According to the latest release from the company the Ocean Guardian drilling rig is heading for the Sea Lion location while it awaits the necessary consent from the Falkland Islands government to carry out the a flow test at the well 14/10-2
The flow test is expected to give an early indication of the production potential which will be an essential part of the planning process required as the Company moves towards its full appraisal and possible development programs.
The design for the initial flow test uses equipment that is available on the Ocean Guardian and certain chemicals which are expected to mitigate the wax appearance temperature and the pour point of the oil
Meanwhile Rockhopper’s second well 26/6-1 at the Ernest location has been safely plugged and abandoned as a dry hole following completion of all logging runs.

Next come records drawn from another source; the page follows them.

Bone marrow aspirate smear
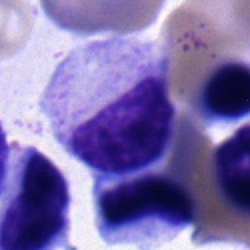Cell — myelocyte.
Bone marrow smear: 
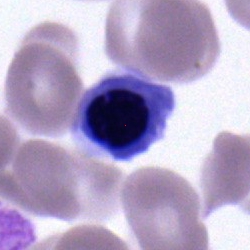
Morphological class: nucleated red cell.
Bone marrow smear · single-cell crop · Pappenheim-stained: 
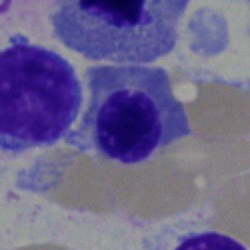 Specimen: bone marrow smear.
Morphological class: normoblast.
Lineage: erythroid.
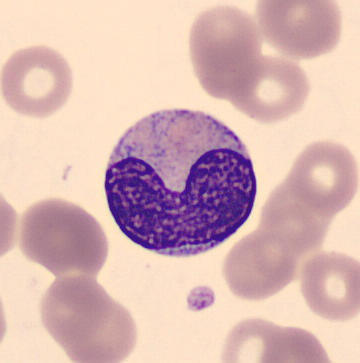This is a metamyelocyte.
Preparation: Peripheral blood smear.
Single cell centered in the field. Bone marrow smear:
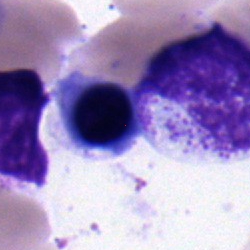
Specimen: bone marrow smear.
Morphological class: erythroblast.
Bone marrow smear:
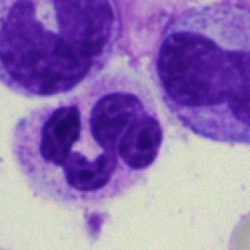
Q: Identify the cell.
A: A segmented neutrophil.
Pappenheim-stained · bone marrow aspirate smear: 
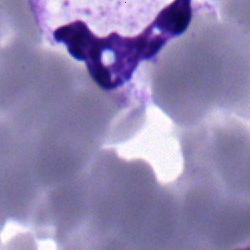 Cell = neutrophil (segmented).
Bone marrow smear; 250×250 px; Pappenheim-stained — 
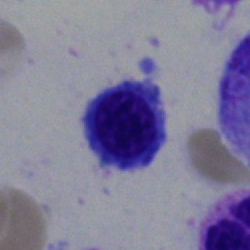
Q: What type of cell is this?
A: Lymphocyte.
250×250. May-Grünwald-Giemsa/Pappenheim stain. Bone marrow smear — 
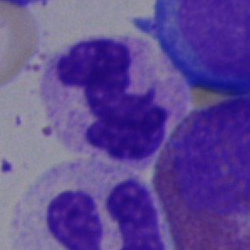Morphology consistent with a polymorphonuclear neutrophil.
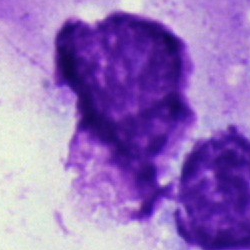Bone marrow aspirate smear, single cell — artifact.
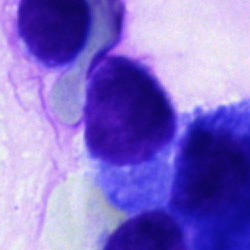
Specimen: bone marrow aspirate smear.
Morphological class: typical lymphocyte.
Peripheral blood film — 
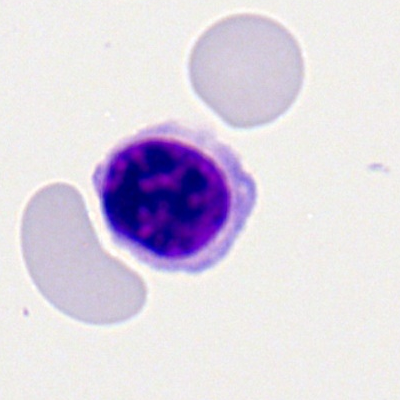

A lymphocyte.
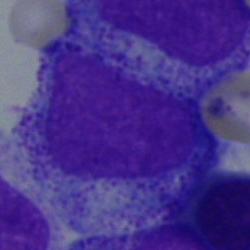
Impression → myelocyte.
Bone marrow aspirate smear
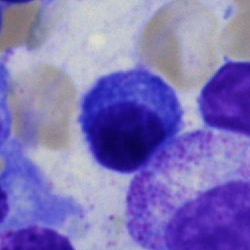

Morphology consistent with a plasma cell.
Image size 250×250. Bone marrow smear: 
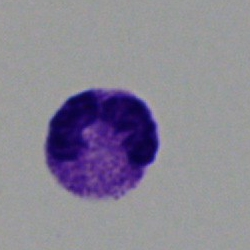 Classification = polymorphonuclear neutrophil.
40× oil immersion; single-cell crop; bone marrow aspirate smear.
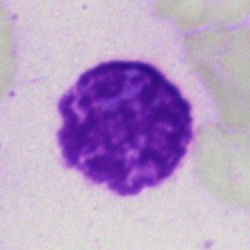 Classification: artefact.
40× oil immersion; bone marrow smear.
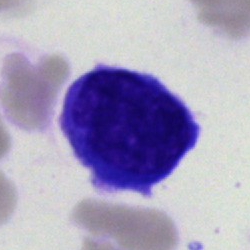Showing a typical lymphocyte.
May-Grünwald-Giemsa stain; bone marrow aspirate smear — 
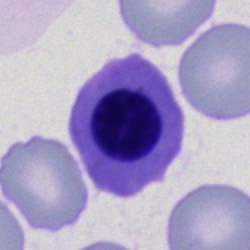
This is a nucleated red cell.
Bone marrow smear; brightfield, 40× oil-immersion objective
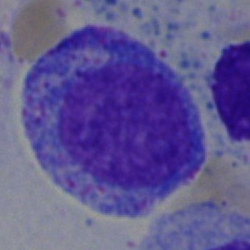{"cell_type": "progranulocyte", "lineage": "myeloid"}
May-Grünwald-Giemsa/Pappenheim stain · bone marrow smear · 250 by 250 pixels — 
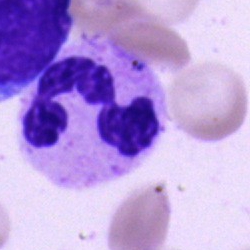

The cell shown is a segmented neutrophil.

The company is expected to provide an update of its operations once the Ocean Guardian is at the Sea Lion location.
The oil well at the Sea Lion prospect was drilling during April and May 2010, the result of which is the first oil discovery and Contingent Oil Resource in the North Falkland Basin.

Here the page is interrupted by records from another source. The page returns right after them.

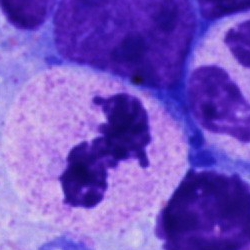 Specimen: bone marrow smear.
Cell type: polymorphonuclear neutrophil.
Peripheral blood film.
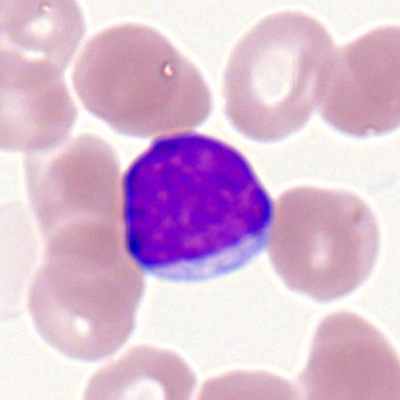Single cell identified as a lymphocyte.
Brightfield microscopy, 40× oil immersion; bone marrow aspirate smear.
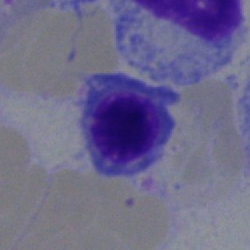 Morphology consistent with a nucleated red cell.
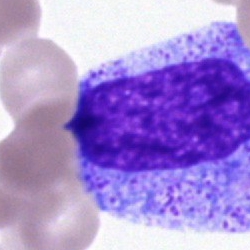 Bone marrow aspirate smear, single cell — promyelocyte.
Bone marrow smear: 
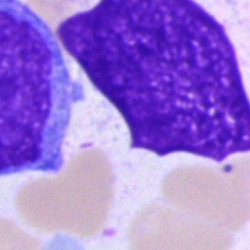
The classification is artifact.
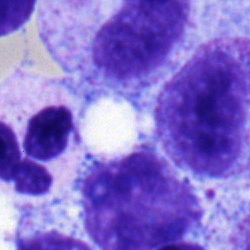
Showing a metamyelocyte.
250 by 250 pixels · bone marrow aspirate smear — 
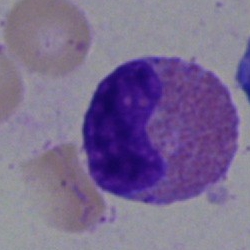

{"cell_type": "eosinophil"}
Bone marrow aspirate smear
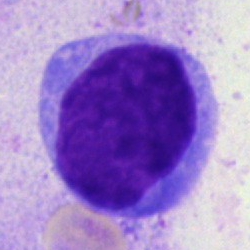{"cell_type": "blast"}
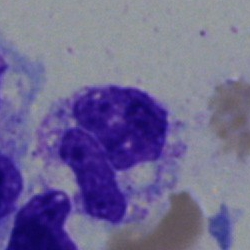
Specimen: bone marrow smear.
Classification: polymorphonuclear neutrophil.
Lineage: myeloid.
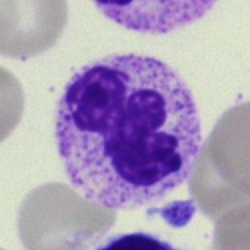

{"cell_type": "polymorphonuclear neutrophil", "lineage": "myeloid"}

Rockhopper was established in 2004 and was floated on AIM in August 2005 and holds a 100 per cent. interest in four offshore production licences granted by the Falkland Islands government.
Before the drilling begun early this year the company was involved in an extensive work program which included 2D and 3D Seismic and Controlled Source Electromagnetic Mapping (CSEM).
In February 2010, the Ocean Guardian drilling rig contracted by Desire Petroleum arrived in Falklands’ waters to carry out the current multi-wall drilling campaign.
The Ocean Guardian first drilled the Liz prospect well for Desire Petroleum, discovering natural gas; the Sea Lion well for Rockhopper, discovering oil; and the Toroa well for Falklands Oil & Gas, which was a dry hole. However it was the first well to be ever drilled to the south of the Falklands. The Ernest well was also dry.
FOGL junior partner (49%) of Australian mining giant BHP Billiton (51%) has plans to continue with its original exploratory program to the south of the Islands, probably with a deeper water submersible rig. Two more companies, Borders & Southern Petroleum (in May) and Argos Resources (early July) have announced their intentions of drilling in Falklands’ waters.